SUPPLIED MATERIAL: Begin

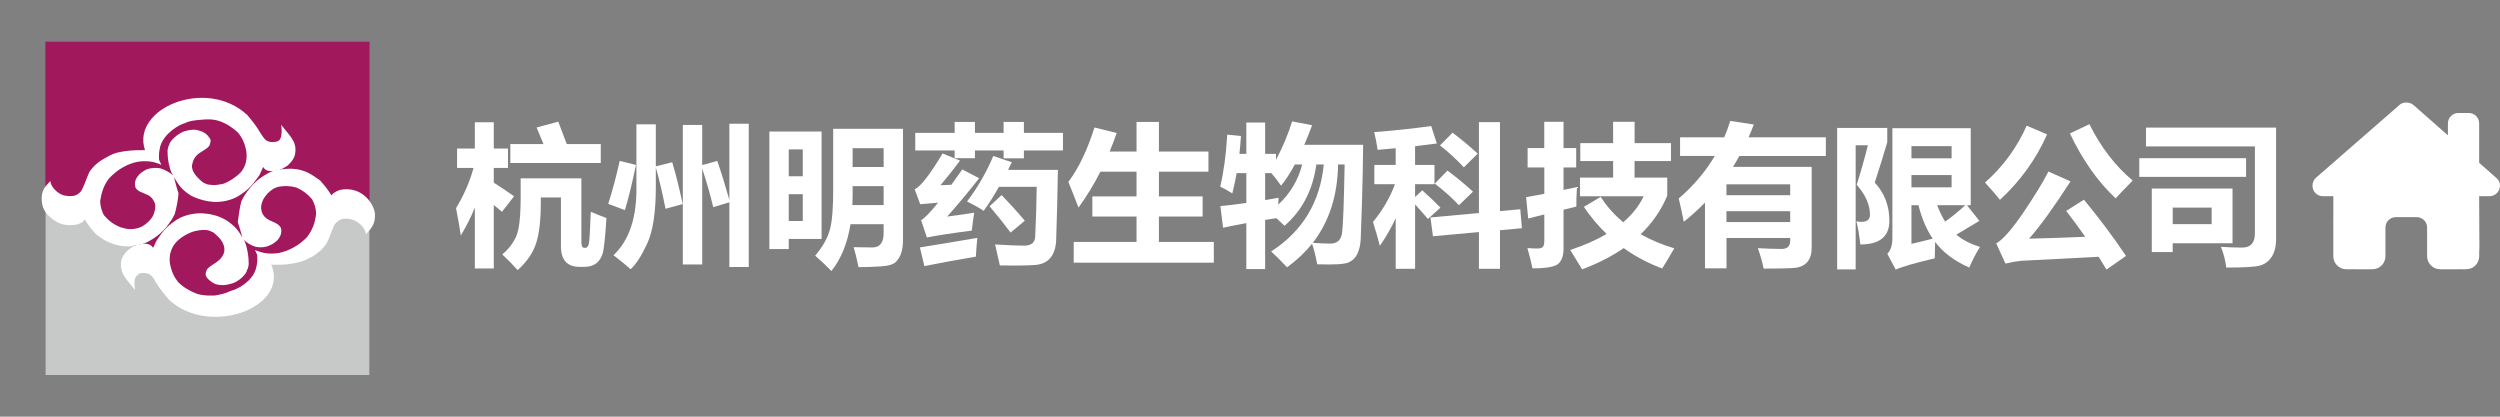 <?xml version="1.0" encoding="utf-8"?>
<!-- Generator: Adobe Illustrator 16.0.0, SVG Export Plug-In . SVG Version: 6.00 Build 0)  -->
<!DOCTYPE svg PUBLIC "-//W3C//DTD SVG 1.1//EN" "http://www.w3.org/Graphics/SVG/1.1/DTD/svg11.dtd">
<svg version="1.1" id="图层_1" xmlns="http://www.w3.org/2000/svg" xmlns:xlink="http://www.w3.org/1999/xlink" x="0px" y="0px"
	 width="180px" height="30px" viewBox="0 0 180 30" enable-background="new 0 0 180 30" xml:space="preserve">
<rect x="0" y="0" width="180" height="30" fill="#808080" stroke="none"/>
<g>
	<rect x="3.269" y="3" fill="#A2185C" width="23.338" height="24"/>
	<polygon fill="#C7C8C8" points="4.995,15.624 6.07,15.456 10.274,18.115 13.992,22.388 17.675,21.143 19.142,18.854 22.531,17.574 
		24.781,15.117 26.083,14.781 26.606,14.781 26.606,27 3.269,27 3.269,13.704 	"/>
	<path fill="#FFFFFF" d="M24.486,13.67c-0.294,0.101-0.521,0.235-0.619,0.403c-0.196-0.334-0.457-0.672-0.814-1.076
		c-0.392-0.269-0.685-0.505-1.141-0.673c-0.357-0.134-0.815-0.202-1.239-0.17c-0.684,0.036-1.141,0.17-1.467,0.372
		c-0.553,0.304-0.912,0.64-1.206,1.01c-0.228,0.269-0.456,0.605-0.619,0.941c-0.13,0.505-0.195,1.011-0.26,1.518
		c0.13,0.368,0.229,0.739,0.326,1.11c-0.228-0.405-0.456-0.809-1.207-1.279c-0.586-0.337-1.173-0.44-1.728-0.473
		c-0.814,0-1.467,0.235-1.891,0.538c-0.75,0.506-1.011,0.943-1.336,1.416c-0.098,0.167-0.164,0.369-0.26,0.538
		c-0.098-0.169-0.262-0.271-0.555-0.303c-0.163,0-0.619,0.066-0.814,0.168c-0.131,0.065-0.262,0.168-0.359,0.234
		c-0.358,0.303-0.554,0.607-0.587,0.943c-0.065,0.843,0.392,1.212,1.011,1.984c-0.064-0.471-0.097-0.907,0.229-1.109
		c0.096-0.135,0.456-0.135,0.684-0.066c0.228,0.066,0.423,0.302,0.553,0.572c0.327,0.54,0.619,0.876,0.978,1.313
		c2.9,2.691,8.669,0.571,7.367-2.523c0.555,0,0.782,0.033,1.434-0.068c0.588-0.101,0.817-0.136,1.566-0.539
		c0.357-0.236,0.75-0.539,1.01-0.977c0.195-0.403,0.292-0.74,0.489-1.178c0.098-0.271,0.423-0.506,0.685-0.54
		c0.26-0.033,0.456,0,0.684,0.068c0.521,0.169,0.946,0.707,0.946,1.043c0.325-0.37,0.684-0.673,0.651-1.45
		C26.931,14.646,26.051,13.368,24.486,13.67L24.486,13.67z"/>
	<path fill="#FFFFFF" d="M4.181,16.026c0.455,0.236,1.041,0.202,1.368,0.136c0.326-0.104,0.457-0.203,0.555-0.37
		c0.194,0.337,0.457,0.706,0.816,1.076c0.39,0.304,0.684,0.507,1.173,0.675c0.325,0.134,0.782,0.2,1.205,0.2
		c0.684-0.066,1.142-0.2,1.467-0.403c0.554-0.301,0.913-0.64,1.206-0.977c0.229-0.305,0.458-0.605,0.62-0.978
		c0.13-0.504,0.228-0.975,0.261-1.48c-0.13-0.369-0.228-0.772-0.326-1.144c0.261,0.405,0.457,0.841,1.207,1.313
		c0.585,0.305,1.206,0.438,1.727,0.472c0.814,0,1.466-0.236,1.923-0.572c0.716-0.471,0.979-0.942,1.305-1.379
		c0.098-0.201,0.163-0.371,0.261-0.572c0.098,0.168,0.26,0.302,0.585,0.302c0.13,0.034,0.586-0.068,0.782-0.17
		c0.13-0.066,0.293-0.167,0.391-0.234c0.327-0.302,0.521-0.572,0.555-0.944c0.099-0.806-0.392-1.177-1.009-1.984
		c0.063,0.471,0.032,1.009-0.196,1.144c-0.163,0.102-0.522,0.136-0.75,0.034c-0.228-0.066-0.358-0.303-0.521-0.538
		c-0.326-0.572-0.588-0.875-0.978-1.348c-2.969-2.76-8.378-0.471-7.368,2.524c-0.555,0-0.783,0-1.401,0.068
		c-0.62,0.1-0.848,0.134-1.597,0.572c-0.359,0.203-0.75,0.539-1.011,0.944C6.234,12.83,6.135,13.166,5.94,13.57
		c-0.097,0.268-0.391,0.503-0.684,0.537c-0.228,0.033-0.457,0-0.652-0.034c-0.554-0.168-0.978-0.705-0.978-1.043
		c-0.325,0.371-0.684,0.639-0.618,1.446C3.039,15.15,3.496,15.656,4.181,16.026L4.181,16.026z"/>
	<path fill="#A2185C" d="M18.521,18.451c0.033-0.137-0.228-0.506-0.13-0.438c0.555,0.234,1.043,0.301,1.695,0.201
		c0.781-0.168,1.468-0.57,2.021-1.144c0.392-0.506,0.587-1.045,0.652-1.686c0-0.336-0.129-0.773-0.293-1.042
		c-0.293-0.336-0.651-0.64-1.14-0.841c-0.229-0.068-0.49-0.102-0.751-0.102c-0.292,0-0.586,0.033-0.847,0.169
		c-0.391,0.234-0.618,0.503-0.782,0.807c-0.131,0.269-0.196,0.571-0.097,0.875c0.097,0.304,0.325,0.505,0.552,0.606
		c0.262,0.135,0.653,0.236,0.816,0.539c0.097,0.302,0,0.571-0.163,0.807c-0.163,0.201-0.392,0.369-0.654,0.473
		c-0.291,0.134-0.65,0.168-0.977,0.099c-0.327-0.099-0.652-0.269-0.88-0.538c0.163,0.237,0.358,1.045,0.358,1.616
		c0.034,0.339-0.098,0.606-0.13,0.606c0.033,0.202-0.586,0.873-1.172,0.978c-0.327,0.102-0.653,0.134-1.045,0.033
		c-0.26-0.101-0.488-0.27-0.651-0.472c-0.13-0.202-0.13-0.304,0-0.604c0.163-0.202,0.392-0.305,0.62-0.474
		c0.358-0.235,0.554-0.505,0.619-0.775c0.032-0.2,0.032-0.403-0.129-0.706c-0.132-0.235-0.328-0.436-0.653-0.705
		c-0.13-0.066-0.293-0.137-0.489-0.17c-0.358-0.032-0.618,0.033-0.945,0.104c-0.488,0.167-0.945,0.437-1.304,0.839
		c-0.326,0.405-0.457,0.909-0.39,1.446c0.13,0.709,0.357,1.046,0.585,1.349c0.358,0.37,0.815,0.638,1.337,0.843
		c0.521,0.167,0.912,0.134,1.304,0.134c0.423-0.067,0.814-0.165,1.173-0.339c0.457-0.099,1.532-0.67,1.792-1.579
		C18.555,18.922,18.521,18.618,18.521,18.451L18.521,18.451z"/>
	<path fill="#A2185C" d="M11.449,11.416c-0.032,0.136,0.262,0.539,0.13,0.437c-0.521-0.235-1.042-0.301-1.695-0.201
		c-0.781,0.167-1.435,0.571-2.021,1.178c-0.392,0.504-0.554,1.009-0.651,1.647c0,0.337,0.13,0.81,0.293,1.043
		c0.294,0.339,0.652,0.643,1.173,0.843c0.229,0.069,0.458,0.135,0.717,0.135c0.293,0,0.586-0.065,0.847-0.2
		c0.393-0.238,0.62-0.473,0.784-0.777c0.129-0.301,0.194-0.604,0.129-0.873c-0.129-0.338-0.325-0.54-0.587-0.639
		c-0.26-0.136-0.651-0.203-0.814-0.505c-0.098-0.336,0-0.606,0.163-0.81c0.163-0.233,0.391-0.369,0.651-0.503
		c0.325-0.102,0.653-0.135,0.979-0.067c0.325,0.1,0.651,0.27,0.912,0.504c-0.195-0.234-0.392-1.043-0.392-1.616
		c-0.031-0.337,0.099-0.572,0.131-0.606c-0.033-0.167,0.586-0.841,1.173-0.977c0.326-0.101,0.685-0.134,1.042,0
		c0.261,0.067,0.49,0.236,0.653,0.472c0.13,0.168,0.13,0.269,0,0.605c-0.163,0.202-0.391,0.303-0.587,0.438
		c-0.39,0.236-0.554,0.505-0.619,0.809c-0.065,0.167-0.065,0.402,0.097,0.672c0.13,0.237,0.327,0.438,0.651,0.708
		c0.163,0.067,0.293,0.167,0.489,0.167c0.359,0.068,0.619,0,0.977-0.067c0.457-0.168,0.914-0.471,1.273-0.84
		c0.357-0.438,0.456-0.944,0.39-1.482c-0.129-0.706-0.357-1.042-0.586-1.346c-0.357-0.337-0.783-0.64-1.337-0.842
		c-0.521-0.167-0.912-0.134-1.304-0.102c-0.422,0.035-0.847,0.068-1.173,0.237c-0.488,0.134-1.499,0.741-1.792,1.649
		C11.417,10.977,11.449,11.282,11.449,11.416L11.449,11.416z"/>
</g>
<path fill="#FFFFFF" d="M179.246,14.127c0.398,0,0.751-0.329,0.751-0.753c0.022-0.211-0.071-0.399-0.261-0.563l-1.236-1.09V8.885
	c0-0.415-0.334-0.75-0.749-0.75h-0.75c-0.414,0-0.75,0.335-0.75,0.75v0.86l-2.496-2.197c-0.141-0.117-0.327-0.164-0.491-0.164
	s-0.353,0.023-0.517,0.187l-6.011,5.239c-0.166,0.164-0.235,0.352-0.235,0.563c0,0.422,0.327,0.752,0.749,0.752h0.751v1.633
	c-0.003,0.021-0.003,0.043-0.003,0.066v2.623c0,0.52,0.42,0.938,0.938,0.938h0.375c0.028,0,0.058-0.002,0.086-0.004
	c0.033,0.002,0.069,0.004,0.104,0.004h0.75h0.563c0.519,0,0.938-0.418,0.938-0.938v-0.563v-1.5c0-0.416,0.335-0.75,0.75-0.75H174
	c0.416,0,0.752,0.334,0.752,0.75v1.5v0.563c0,0.52,0.418,0.938,0.936,0.938h0.563h0.763c0.032,0,0.065,0,0.098-0.002
	c0.027,0.002,0.054,0.002,0.078,0.002h0.377c0.518,0,0.936-0.418,0.936-0.938v-0.379c0.008-0.062,0.014-0.125,0.014-0.189
	l-0.018-3.755h0.75L179.246,14.127L179.246,14.127z"/>
<g>
	<path fill="#FFFFFF" d="M32.835,14.99c0.566-0.938,0.986-1.905,1.262-2.9H32.91v-1.396h1.278V8.803h1.364v1.891h1.021v1.396h-1.021
		v1.058c0.598,0.39,1.085,0.718,1.461,0.983l-0.87,1.117l-0.591-0.489v4.571h-1.364v-4.383c-0.276,0.68-0.612,1.35-1.01,2.009
		C33.107,16.462,32.993,15.807,32.835,14.99z M42.535,15.248c0.458,0.193,0.834,0.344,1.128,0.451
		c-0.086,1.418-0.181,2.281-0.285,2.592s-0.263,0.541-0.478,0.693c-0.215,0.15-0.487,0.228-0.816,0.228h-0.365
		c-0.888,0-1.332-0.497-1.332-1.493v-3.502h-1.45v0.397c0,1.231-0.111,2.194-0.333,2.89c-0.222,0.696-0.666,1.344-1.332,1.944
		c-0.351-0.394-0.72-0.771-1.106-1.128c0.426-0.357,0.753-0.775,0.98-1.254c0.227-0.479,0.341-1.424,0.341-2.839v-1.386h4.372v4.608
		c0,0.265,0.072,0.396,0.215,0.396h0.064c0.14,0,0.229-0.115,0.269-0.35C42.446,17.266,42.489,16.516,42.535,15.248z M36.745,10.371
		h2.385c-0.161-0.405-0.326-0.802-0.494-1.192l1.558-0.419l0.612,1.611h2.449v1.364h-6.51V10.371z"/>
	<path fill="#FFFFFF" d="M44.619,11.585l1.171,0.29c-0.265,1.282-0.53,2.367-0.795,3.255l-1.203-0.451
		C44.093,13.741,44.369,12.709,44.619,11.585z M48.4,11.682c0.265,0.881,0.516,1.883,0.752,3.008l-1.235,0.344
		c-0.218-1.121-0.451-2.113-0.698-2.976v1.407c0,1.815-0.206,3.17-0.618,4.063c-0.412,0.896-0.811,1.514-1.198,1.856
		c-0.315-0.286-0.727-0.623-1.235-1.01c1.146-1.067,1.697-2.739,1.654-5.017V8.953h1.396v3.024L48.4,11.682z M49.163,8.996h1.396
		v2.89l1.085-0.301c0.265,0.759,0.555,1.695,0.87,2.809V8.91h1.396v10.313h-1.396v-4.657l-1.16,0.349
		c-0.208-0.87-0.473-1.797-0.795-2.782v6.907h-1.396V8.996z"/>
	<path fill="#FFFFFF" d="M55.394,9.469h3.76v7.734H56.79v0.73h-1.396V9.469z M57.8,10.758h-1.01v1.934h1.01V10.758z M57.8,15.914
		V13.98h-1.01v1.934H57.8z M59.862,19.514c-0.351-0.365-0.741-0.734-1.171-1.106c0.548-0.646,0.903-1.275,1.066-1.894
		c0.163-0.619,0.241-1.609,0.233-2.974V9.275h5.027v7.971c0,0.348-0.037,0.65-0.11,0.908c-0.073,0.258-0.2,0.484-0.381,0.682
		c-0.181,0.197-0.557,0.313-1.128,0.346c-0.571,0.035-1.099,0.053-1.582,0.053c-0.129-0.608-0.247-1.09-0.354-1.439l1.343,0.021
		c0.544,0,0.816-0.342,0.816-1.021v-0.654h-2.385C61.019,17.512,60.561,18.635,59.862,19.514z M61.372,14.765h2.25V13.4h-2.234
		C61.395,13.859,61.39,14.313,61.372,14.765z M63.622,10.672h-2.234v1.354h2.234V10.672z"/>
	<path fill="#FFFFFF" d="M67.715,13.336l0.784-0.032c0.244-0.336,0.505-0.706,0.784-1.106l1.214,0.634
		c-0.738,0.945-1.504,1.866-2.299,2.761c0.73-0.093,1.378-0.186,1.944-0.279c-0.079,0.508-0.136,0.938-0.172,1.29
		c-1.361,0.172-2.438,0.336-3.233,0.494l-0.419-1.246c0.258-0.144,0.666-0.563,1.225-1.258c-0.537,0.043-0.967,0.079-1.289,0.107
		l-0.397-1.074c0.422-0.186,1.092-1.045,2.009-2.578l1.257,0.516C68.678,12.158,68.209,12.749,67.715,13.336z M72.259,8.781h1.461
		v0.784h2.814v1.268H73.72v0.569h-1.461v-0.569h-2.063v0.559h-1.461v-0.559h-2.836V9.565h2.836V8.781h1.461v0.784h2.063V8.781z
		 M66.232,17.814c1.21-0.192,2.589-0.422,4.136-0.688c-0.05,0.494-0.086,0.945-0.107,1.354c-1.174,0.193-2.41,0.42-3.706,0.678
		L66.232,17.814z M69.627,14.507c0.766-1.01,1.396-2.102,1.891-3.276l1.332,0.451c-0.093,0.186-0.183,0.369-0.269,0.548h3.588
		c-0.029,1.791-0.072,3.509-0.129,5.156c-0.086,1.081-0.612,1.647-1.579,1.697c-0.537,0.036-1.361,0.046-2.471,0.032
		c-0.093-0.422-0.208-0.928-0.344-1.516c0.895,0.059,1.572,0.086,2.03,0.086c0.559,0.021,0.845-0.203,0.859-0.677
		c0.057-1.151,0.093-2.338,0.107-3.556h-2.718c-0.351,0.623-0.716,1.2-1.096,1.729C70.508,14.969,70.107,14.743,69.627,14.507z
		 M71.249,14.851l0.87-0.806c0.58,0.602,1.135,1.217,1.665,1.848l-1.021,0.85C72.262,16.075,71.757,15.445,71.249,14.851z"/>
	<path fill="#FFFFFF" d="M77.308,17.418h4.522v-1.826h-3.18v-1.45h3.18v-1.783h-2.6c-0.469,0.924-0.996,1.787-1.579,2.589
		c-0.222-0.594-0.465-1.21-0.73-1.848c0.738-0.981,1.364-2.288,1.88-3.921l1.601,0.397c-0.158,0.455-0.326,0.899-0.505,1.332h1.934
		V8.781h1.611v2.127h3.566v1.45h-3.566v1.783h3.147v1.45h-3.147v1.826h3.953v1.493H77.308V17.418z"/>
	<path fill="#FFFFFF" d="M91.09,19.373h-1.354v-3.309c-0.587,0.106-1.146,0.219-1.676,0.332l-0.193-1.558
		c0.576-0.054,1.199-0.129,1.869-0.226v-2.148h-0.698c-0.09,0.505-0.193,0.992-0.312,1.461c-0.337-0.215-0.627-0.376-0.87-0.483
		c0.258-1.103,0.426-2.353,0.505-3.749l0.988,0.097c-0.028,0.44-0.066,0.87-0.112,1.289h0.499V8.824h1.354v2.256h0.784v0.43
		c0.494-0.945,0.881-1.869,1.16-2.771c0.516,0.093,0.995,0.186,1.438,0.279c-0.188,0.505-0.377,0.974-0.563,1.407h4.237
		c-0.011,1.243-0.037,2.585-0.08,4.028l-0.096,2.777c-0.021,0.403-0.101,0.75-0.236,1.039c-0.137,0.287-0.348,0.496-0.633,0.625
		c-0.287,0.129-1.041,0.174-2.263,0.135c-0.106-0.588-0.229-1.082-0.371-1.482c-0.501,0.627-1.101,1.192-1.799,1.697
		c-0.451-0.48-0.834-0.859-1.149-1.139c2.264-1.457,3.527-3.545,3.793-6.264h-0.533c-0.258,1.844-1.021,3.316-2.293,4.415
		c-0.211-0.204-0.406-0.387-0.586-0.548l-0.812,0.124L91.09,19.373L91.09,19.373z M92.238,13.368
		c-0.289-0.408-0.523-0.709-0.702-0.902H91.09v1.939c0.313-0.05,0.635-0.105,0.967-0.167c-0.011,0.154-0.02,0.32-0.025,0.5
		c0.869-0.813,1.443-1.778,1.724-2.895h-0.526C92.898,12.455,92.568,12.963,92.238,13.368z M96.814,11.843h-0.473
		c-0.035,2.242-0.643,4.122-1.82,5.64c0.447,0.035,0.865,0.055,1.252,0.055c0.49,0,0.772-0.243,0.849-0.729
		C96.697,16.323,96.762,14.668,96.814,11.843z"/>
	<path fill="#FFFFFF" d="M98.855,15.979c0.685-0.827,1.213-1.732,1.584-2.718h-1.486v-1.386h1.536v-1.203l-1.3,0.118
		c-0.071-0.487-0.154-0.913-0.248-1.278c1.482-0.115,2.852-0.261,4.104-0.44l0.408,1.257c-0.483,0.068-1.006,0.134-1.567,0.199
		v1.348h1.396v1.386h-1.396v0.924l0.516-0.483c0.516,0.458,0.951,0.874,1.311,1.246l-0.902,0.816
		c-0.354-0.417-0.662-0.766-0.924-1.048v4.636h-1.396v-3.631c-0.337,0.709-0.716,1.366-1.14,1.977
		C99.229,17.225,99.064,16.652,98.855,15.979z M102.992,15.656l3.49-0.317V8.792h1.516V15.2l1.461-0.134l0.118,1.364l-1.579,0.146
		v2.776h-1.516v-2.643l-3.309,0.301L102.992,15.656z M104.217,12.283c0.631,0.465,1.242,0.97,1.838,1.515l-1.011,0.978
		c-0.487-0.516-1.067-1.035-1.739-1.558L104.217,12.283z M104.582,9.555c0.544,0.401,1.148,0.902,1.814,1.504l-0.998,0.988
		c-0.537-0.573-1.11-1.099-1.719-1.579L104.582,9.555z"/>
	<path fill="#FFFFFF" d="M109.984,10.661h1.203v-1.89h1.387v1.891h0.912v1.396h-0.912v1.617l0.967-0.209
		c-0.036,0.616-0.05,1.085-0.043,1.407l-0.924,0.226v2.814c0,0.469-0.116,0.819-0.35,1.055c-0.232,0.235-0.86,0.353-1.886,0.353
		c-0.071-0.357-0.192-0.844-0.364-1.461c0.278,0.021,0.52,0.033,0.719,0.033c0.193,0,0.324-0.039,0.394-0.119
		c0.067-0.078,0.103-0.215,0.103-0.407v-1.928l-1.16,0.294l-0.15-1.536l1.311-0.242v-1.896h-1.203v-1.398H109.984z M120.309,11.596
		h-2.621v1.192h2.354v1.3c-0.434,1.042-1.07,1.969-1.912,2.777c0.717,0.408,1.521,0.746,2.417,1.015
		c-0.351,0.608-0.642,1.093-0.87,1.45c-1.01-0.376-1.934-0.865-2.771-1.467c-0.854,0.592-1.854,1.102-2.996,1.531
		c-0.236-0.4-0.52-0.867-0.85-1.396c1.004-0.333,1.875-0.719,2.615-1.154c-0.602-0.576-1.146-1.227-1.638-1.95l1.214-0.72
		c0.438,0.688,0.979,1.296,1.622,1.826c0.651-0.559,1.144-1.182,1.472-1.869h-4.587v-1.343h2.386v-1.192h-2.363v-1.289h2.363V8.771
		h1.547v1.536h2.621v1.289H120.309z"/>
	<path fill="#FFFFFF" d="M124.305,19.318h-1.547v-4.731c-0.477,0.491-0.984,0.951-1.525,1.38c-0.113-0.58-0.235-1.139-0.364-1.676
		c1.063-0.913,1.929-1.934,2.595-3.062h-2.498V9.888h3.18c0.162-0.383,0.306-0.777,0.431-1.182l1.696,0.258
		c-0.117,0.315-0.242,0.623-0.375,0.924h5.563v1.343h-6.229c-0.145,0.269-0.297,0.53-0.457,0.784h5.666v5.822
		c0,0.448-0.106,0.792-0.321,1.034c-0.216,0.242-0.515,0.381-0.896,0.416c-0.385,0.035-1.131,0.054-2.24,0.054
		c-0.102-0.487-0.24-0.978-0.42-1.472c0.617,0.035,1.188,0.054,1.72,0.054c0.407,0,0.612-0.2,0.612-0.603v-0.182h-4.588v2.18
		H124.305z M128.893,13.271h-4.588v0.784h4.588V13.271z M124.305,15.989h4.588v-0.784h-4.588V15.989z"/>
	<path fill="#FFFFFF" d="M134.982,13.143c0.701,0.759,1.053,1.676,1.053,2.75c0,1.14-0.698,1.709-2.096,1.709
		c-0.058-0.608-0.149-1.164-0.278-1.666c0.133,0.025,0.252,0.037,0.358,0.037c0.412,0,0.619-0.166,0.619-0.499
		c0-0.723-0.318-1.447-0.957-2.17c0.301-0.945,0.569-1.894,0.807-2.847h-0.881v8.938h-1.332V9.211h3.608v1.031
		C135.627,11.123,135.326,12.09,134.982,13.143z M142.557,17.783c-0.272,0.43-0.531,0.924-0.773,1.482
		c-1.09-0.486-1.906-1.104-2.455-1.849c-0.018,0.502-0.026,0.896-0.026,1.183c-1.433,0.336-2.37,0.608-2.813,0.815l-0.602-1.14
		c0.242-0.243,0.364-0.618,0.364-1.127V9.232h5.64v5.543h-0.272l0.896,1.127l-1.66,0.994
		C141.275,17.255,141.843,17.551,142.557,17.783z M140.516,10.521h-2.891v0.881h2.891V10.521z M140.516,13.486v-0.881h-2.891v0.881
		H140.516z M138.13,14.775h-0.505v2.782c0.498-0.113,1.008-0.238,1.529-0.375C138.708,16.525,138.366,15.725,138.13,14.775z
		 M140.053,15.957c0.521-0.373,1.002-0.766,1.444-1.182h-2.021C139.643,15.216,139.834,15.609,140.053,15.957z"/>
	<path fill="#FFFFFF" d="M145.918,9.05l1.473,0.623c-0.789,1.783-1.92,3.355-3.396,4.716c-0.243-0.315-0.603-0.73-1.074-1.246
		C144.225,11.99,145.225,10.625,145.918,9.05z M150.043,14.378c1.124,1.36,2.134,2.71,3.029,4.05l-1.407,0.979
		c-0.176-0.299-0.363-0.604-0.563-0.92l-5.597,0.291c-0.362,0.039-0.731,0.105-1.112,0.199l-0.666-1.451
		c0.483-0.278,1.127-1.01,1.932-2.19c0.804-1.181,1.414-2.177,1.828-2.986l1.591,0.709c-1.218,1.883-2.213,3.258-2.986,4.125
		c1.403-0.033,2.752-0.078,4.044-0.136c-0.414-0.594-0.871-1.215-1.369-1.863L150.043,14.378z M150.439,8.942
		c0.811,1.64,1.849,2.994,3.115,4.061c-0.521,0.523-0.931,0.949-1.225,1.278c-1.268-1.174-2.367-2.732-3.298-4.673L150.439,8.942z"
		/>
	<path fill="#FFFFFF" d="M154.027,11.392h7.691v1.343h-7.691V11.392z M163.879,17.191c0,0.549-0.109,0.985-0.327,1.313
		c-0.219,0.328-0.51,0.536-0.872,0.625c-0.363,0.091-1.16,0.136-2.389,0.136c-0.059-0.509-0.188-1.007-0.387-1.494
		c0.564,0.037,1.078,0.055,1.535,0.055c0.608,0,0.914-0.34,0.914-1.021v-6.263h-7.842V9.189h9.366L163.879,17.191L163.879,17.191z
		 M160.742,13.572v3.942h-4.309v0.635h-1.504v-4.577H160.742z M156.436,14.947v1.192h2.803v-1.192H156.436z"/>
</g>
</svg>

SUPPLIED MATERIAL: End

• REQUIRED WORK: What is the number of lines above that hold the string "http"? Answer with that number alone.

• EXPECTED ANSWER: 2